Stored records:
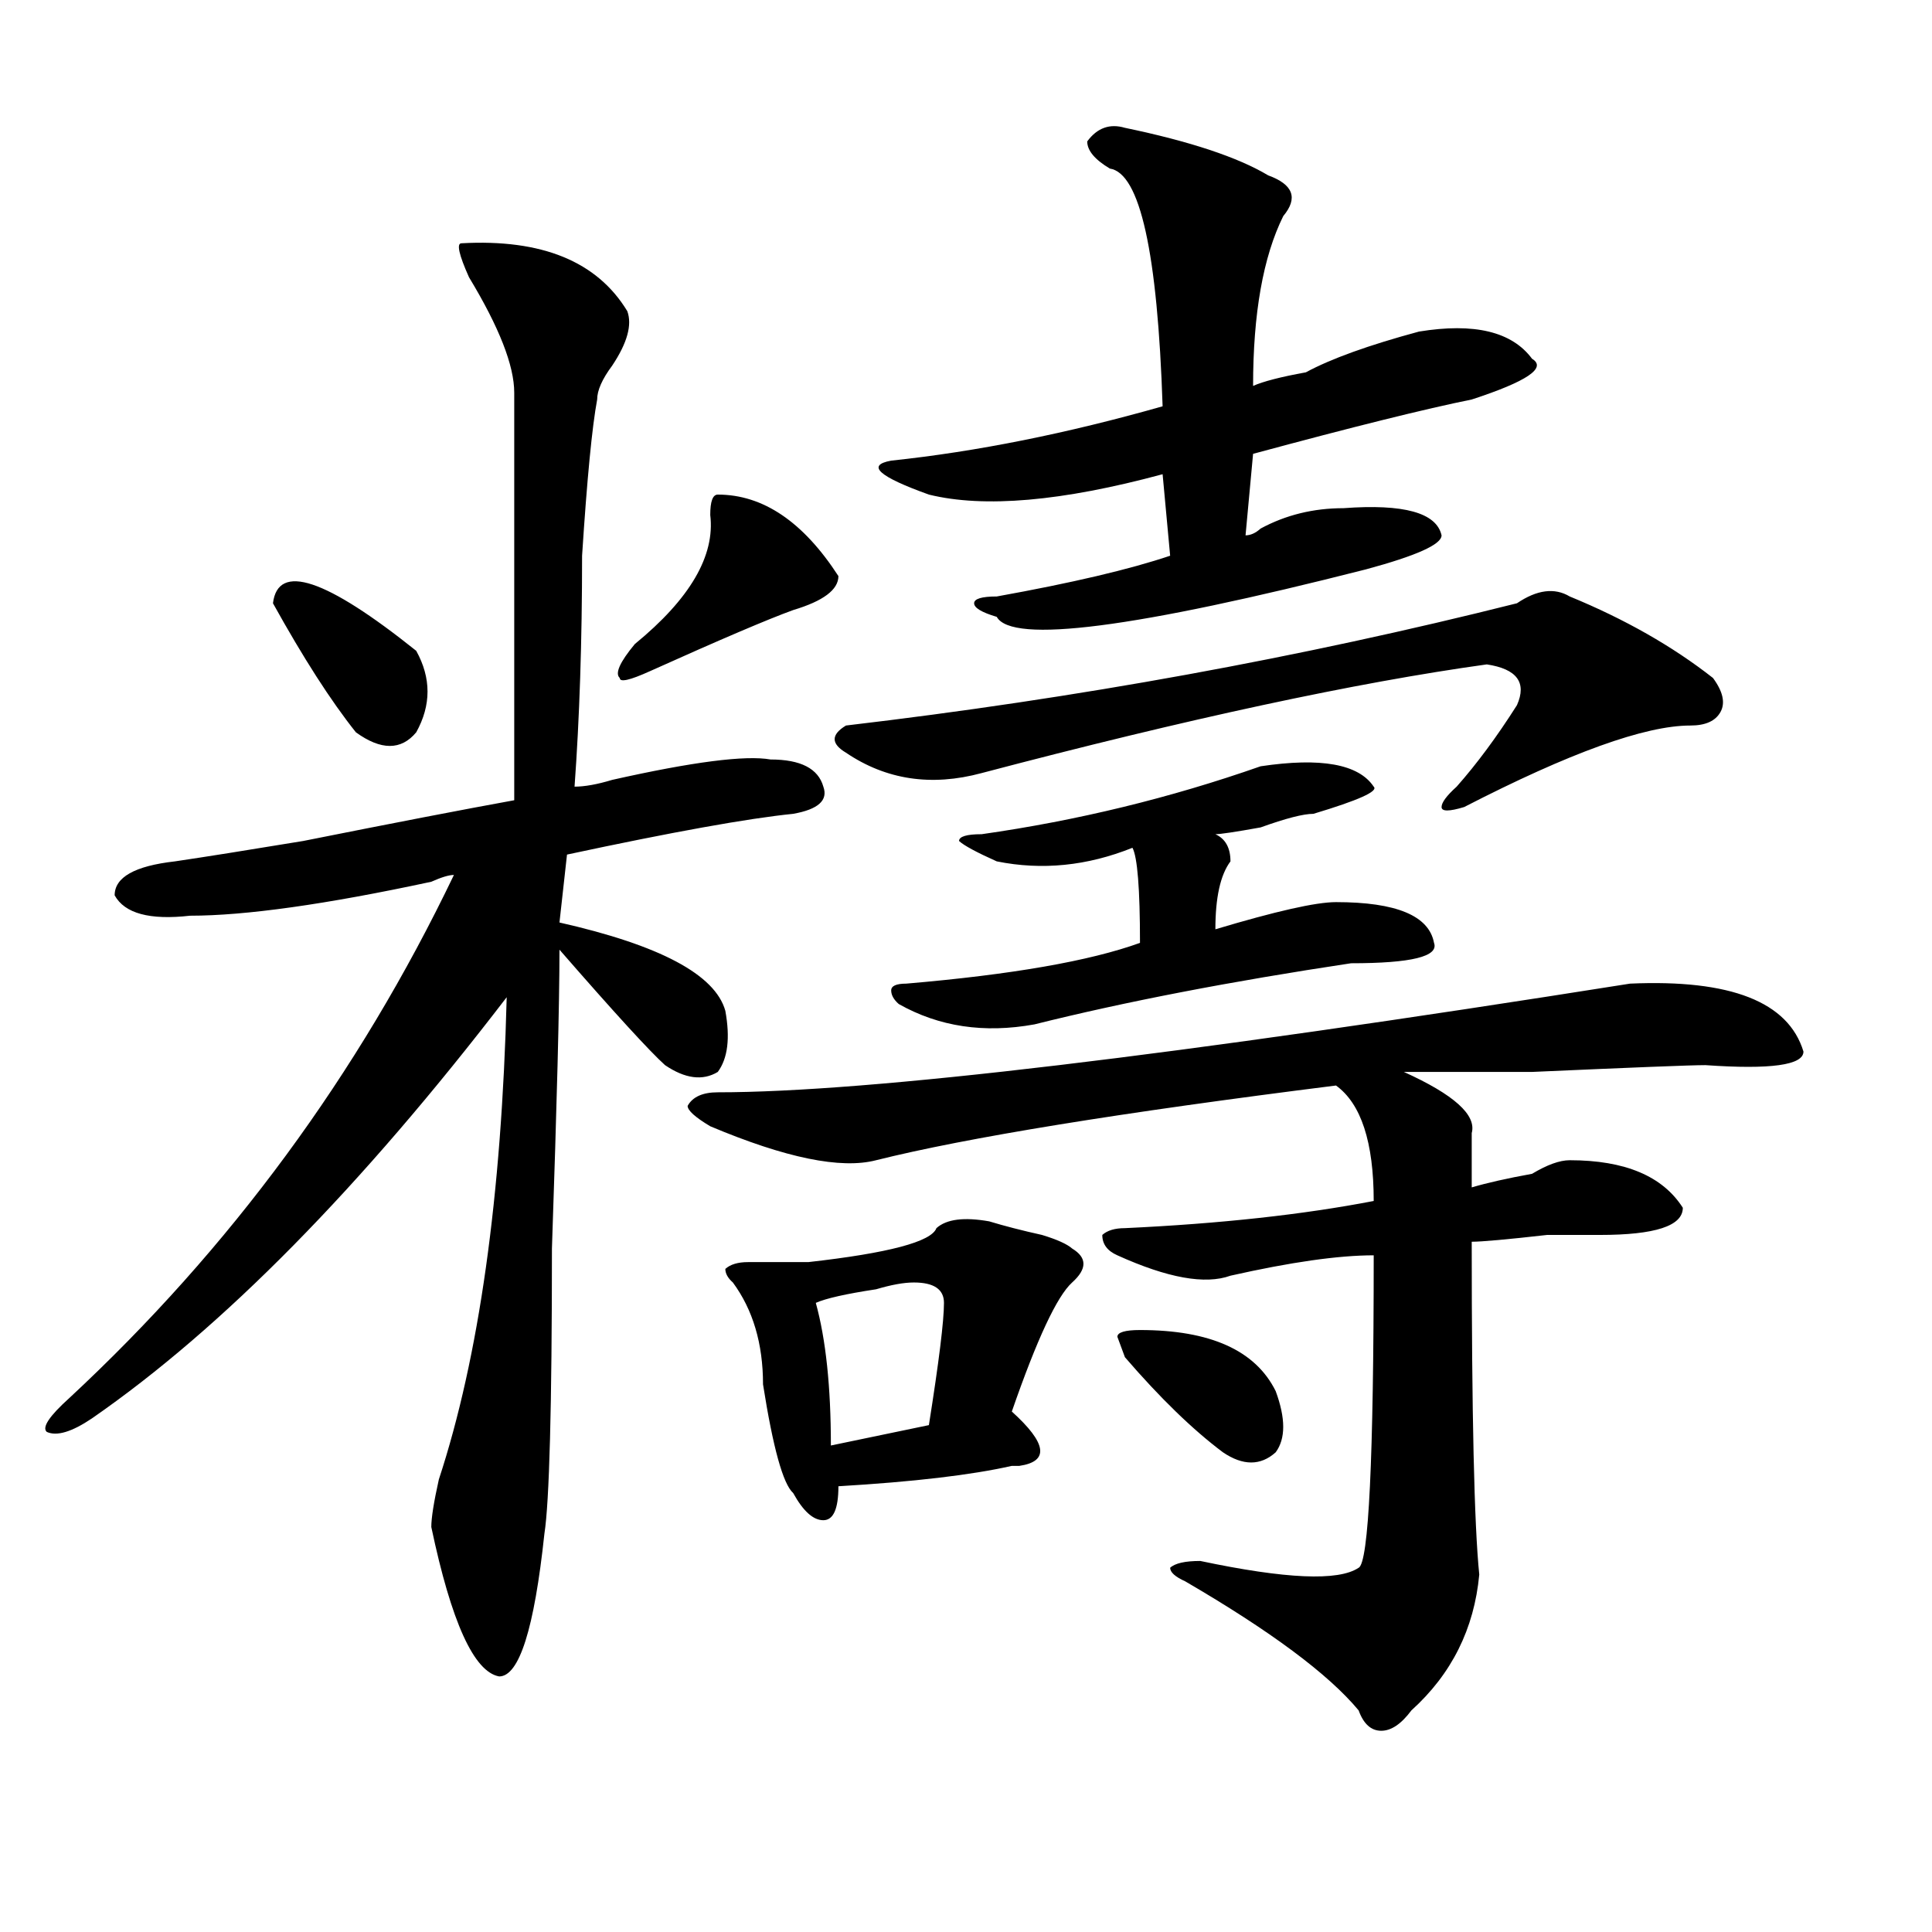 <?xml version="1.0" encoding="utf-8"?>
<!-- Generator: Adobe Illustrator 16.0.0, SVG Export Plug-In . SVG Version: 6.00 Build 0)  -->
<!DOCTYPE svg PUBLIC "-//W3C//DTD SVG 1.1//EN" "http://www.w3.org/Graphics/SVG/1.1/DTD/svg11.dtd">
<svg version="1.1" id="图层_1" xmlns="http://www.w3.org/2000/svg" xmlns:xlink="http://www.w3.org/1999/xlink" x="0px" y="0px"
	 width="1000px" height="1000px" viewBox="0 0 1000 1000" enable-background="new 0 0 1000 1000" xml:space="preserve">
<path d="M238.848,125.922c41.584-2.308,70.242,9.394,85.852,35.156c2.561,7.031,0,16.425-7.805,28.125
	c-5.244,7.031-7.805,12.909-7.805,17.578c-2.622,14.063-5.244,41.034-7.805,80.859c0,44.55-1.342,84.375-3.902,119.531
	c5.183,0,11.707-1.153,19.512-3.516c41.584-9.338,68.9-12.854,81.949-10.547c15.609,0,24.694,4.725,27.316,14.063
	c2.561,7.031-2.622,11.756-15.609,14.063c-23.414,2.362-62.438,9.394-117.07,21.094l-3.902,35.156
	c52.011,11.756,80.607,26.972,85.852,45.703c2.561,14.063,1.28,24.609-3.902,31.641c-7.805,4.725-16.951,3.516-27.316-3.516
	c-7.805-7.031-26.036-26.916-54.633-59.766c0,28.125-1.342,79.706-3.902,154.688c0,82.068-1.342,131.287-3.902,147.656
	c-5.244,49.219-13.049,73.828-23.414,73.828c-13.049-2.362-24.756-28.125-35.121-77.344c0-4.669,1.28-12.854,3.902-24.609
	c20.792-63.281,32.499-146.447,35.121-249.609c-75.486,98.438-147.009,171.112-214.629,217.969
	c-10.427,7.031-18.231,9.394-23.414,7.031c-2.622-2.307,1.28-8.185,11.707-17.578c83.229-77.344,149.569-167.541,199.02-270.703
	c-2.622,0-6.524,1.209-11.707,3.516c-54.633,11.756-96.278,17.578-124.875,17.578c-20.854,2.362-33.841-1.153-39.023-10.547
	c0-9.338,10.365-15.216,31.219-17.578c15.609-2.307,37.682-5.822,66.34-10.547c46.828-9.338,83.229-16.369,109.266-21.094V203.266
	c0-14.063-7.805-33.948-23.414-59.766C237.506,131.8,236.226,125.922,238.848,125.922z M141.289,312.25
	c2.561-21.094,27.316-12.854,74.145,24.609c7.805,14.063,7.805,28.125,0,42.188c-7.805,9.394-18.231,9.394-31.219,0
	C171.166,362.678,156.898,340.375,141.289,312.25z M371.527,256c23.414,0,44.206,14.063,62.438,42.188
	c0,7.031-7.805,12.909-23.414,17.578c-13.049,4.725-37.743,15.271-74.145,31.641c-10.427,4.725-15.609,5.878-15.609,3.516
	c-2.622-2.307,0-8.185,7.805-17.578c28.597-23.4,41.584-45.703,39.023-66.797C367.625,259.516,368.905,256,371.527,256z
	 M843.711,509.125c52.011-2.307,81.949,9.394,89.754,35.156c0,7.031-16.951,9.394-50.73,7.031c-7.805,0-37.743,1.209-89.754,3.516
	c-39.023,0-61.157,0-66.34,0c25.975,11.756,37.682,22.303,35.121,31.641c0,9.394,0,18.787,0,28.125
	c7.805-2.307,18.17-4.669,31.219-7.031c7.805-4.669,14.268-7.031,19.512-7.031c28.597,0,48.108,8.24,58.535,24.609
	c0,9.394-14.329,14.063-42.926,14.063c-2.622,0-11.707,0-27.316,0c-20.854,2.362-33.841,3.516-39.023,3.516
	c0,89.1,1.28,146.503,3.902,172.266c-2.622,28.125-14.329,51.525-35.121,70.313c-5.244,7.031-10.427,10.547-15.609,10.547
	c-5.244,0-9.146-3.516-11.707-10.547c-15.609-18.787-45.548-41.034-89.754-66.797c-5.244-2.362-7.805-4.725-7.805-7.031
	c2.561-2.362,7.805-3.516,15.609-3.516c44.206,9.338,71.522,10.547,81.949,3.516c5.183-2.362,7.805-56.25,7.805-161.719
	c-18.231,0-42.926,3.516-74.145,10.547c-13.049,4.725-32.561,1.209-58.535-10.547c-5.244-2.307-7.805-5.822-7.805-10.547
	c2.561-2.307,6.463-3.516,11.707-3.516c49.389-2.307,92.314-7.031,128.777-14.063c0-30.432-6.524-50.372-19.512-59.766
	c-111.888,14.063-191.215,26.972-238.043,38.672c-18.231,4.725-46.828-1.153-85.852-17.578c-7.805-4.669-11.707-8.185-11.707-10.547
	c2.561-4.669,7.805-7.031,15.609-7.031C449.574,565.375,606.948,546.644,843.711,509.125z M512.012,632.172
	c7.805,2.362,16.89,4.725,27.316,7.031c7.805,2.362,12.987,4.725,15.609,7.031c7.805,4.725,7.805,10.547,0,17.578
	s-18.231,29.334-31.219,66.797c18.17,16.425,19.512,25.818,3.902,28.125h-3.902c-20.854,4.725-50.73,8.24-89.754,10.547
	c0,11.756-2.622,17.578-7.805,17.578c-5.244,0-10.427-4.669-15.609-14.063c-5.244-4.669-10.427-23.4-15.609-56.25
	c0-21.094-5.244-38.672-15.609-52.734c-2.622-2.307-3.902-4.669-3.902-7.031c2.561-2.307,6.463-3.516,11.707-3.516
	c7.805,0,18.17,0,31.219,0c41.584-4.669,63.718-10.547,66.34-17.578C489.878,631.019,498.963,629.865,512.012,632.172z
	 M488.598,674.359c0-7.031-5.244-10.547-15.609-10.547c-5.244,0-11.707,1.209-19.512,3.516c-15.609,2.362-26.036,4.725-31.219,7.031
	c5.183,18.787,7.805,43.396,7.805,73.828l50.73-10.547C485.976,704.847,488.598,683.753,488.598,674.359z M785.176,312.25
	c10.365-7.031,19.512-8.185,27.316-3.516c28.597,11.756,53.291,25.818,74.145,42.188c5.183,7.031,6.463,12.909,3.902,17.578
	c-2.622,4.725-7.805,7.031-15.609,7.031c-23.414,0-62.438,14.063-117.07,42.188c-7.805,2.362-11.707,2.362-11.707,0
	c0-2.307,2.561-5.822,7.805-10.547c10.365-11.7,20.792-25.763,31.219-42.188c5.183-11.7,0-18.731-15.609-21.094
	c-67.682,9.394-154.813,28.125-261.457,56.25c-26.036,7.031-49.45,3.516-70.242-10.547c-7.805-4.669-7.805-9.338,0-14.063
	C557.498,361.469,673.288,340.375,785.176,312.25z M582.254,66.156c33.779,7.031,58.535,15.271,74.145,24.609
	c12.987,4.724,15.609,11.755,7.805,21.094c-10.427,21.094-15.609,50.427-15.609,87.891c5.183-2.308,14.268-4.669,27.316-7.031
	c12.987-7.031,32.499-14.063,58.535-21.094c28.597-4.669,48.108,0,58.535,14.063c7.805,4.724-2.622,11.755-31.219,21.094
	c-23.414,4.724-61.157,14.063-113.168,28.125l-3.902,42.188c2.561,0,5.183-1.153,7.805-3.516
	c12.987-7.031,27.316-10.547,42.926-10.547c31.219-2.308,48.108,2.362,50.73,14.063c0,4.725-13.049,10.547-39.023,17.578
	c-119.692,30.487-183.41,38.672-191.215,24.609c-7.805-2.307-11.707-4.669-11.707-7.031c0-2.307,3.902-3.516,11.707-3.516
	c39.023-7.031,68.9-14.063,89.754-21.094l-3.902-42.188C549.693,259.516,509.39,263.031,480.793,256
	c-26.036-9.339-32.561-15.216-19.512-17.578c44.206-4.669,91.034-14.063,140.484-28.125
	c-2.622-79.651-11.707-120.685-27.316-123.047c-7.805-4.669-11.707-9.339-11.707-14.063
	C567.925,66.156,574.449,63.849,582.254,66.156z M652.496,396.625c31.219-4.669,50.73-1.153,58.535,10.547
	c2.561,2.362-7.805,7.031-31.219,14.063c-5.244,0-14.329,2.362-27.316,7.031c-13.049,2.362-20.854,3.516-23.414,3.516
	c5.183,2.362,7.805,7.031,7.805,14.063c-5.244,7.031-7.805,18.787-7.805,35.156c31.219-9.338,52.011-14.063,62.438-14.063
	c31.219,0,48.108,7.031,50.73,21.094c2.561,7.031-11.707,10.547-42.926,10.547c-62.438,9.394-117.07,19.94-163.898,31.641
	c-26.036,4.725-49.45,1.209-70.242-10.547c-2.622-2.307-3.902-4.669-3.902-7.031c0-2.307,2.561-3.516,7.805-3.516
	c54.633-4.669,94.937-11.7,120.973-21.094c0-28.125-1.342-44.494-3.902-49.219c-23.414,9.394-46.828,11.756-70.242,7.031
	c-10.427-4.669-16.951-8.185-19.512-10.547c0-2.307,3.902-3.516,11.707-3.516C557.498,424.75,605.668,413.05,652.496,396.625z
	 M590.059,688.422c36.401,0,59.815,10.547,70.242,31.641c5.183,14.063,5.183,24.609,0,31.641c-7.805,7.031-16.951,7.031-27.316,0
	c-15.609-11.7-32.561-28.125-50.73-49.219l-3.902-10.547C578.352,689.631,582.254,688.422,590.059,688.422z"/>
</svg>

• What the task requires: Say how many lines above hold "http", and nothing else.

• Response: 2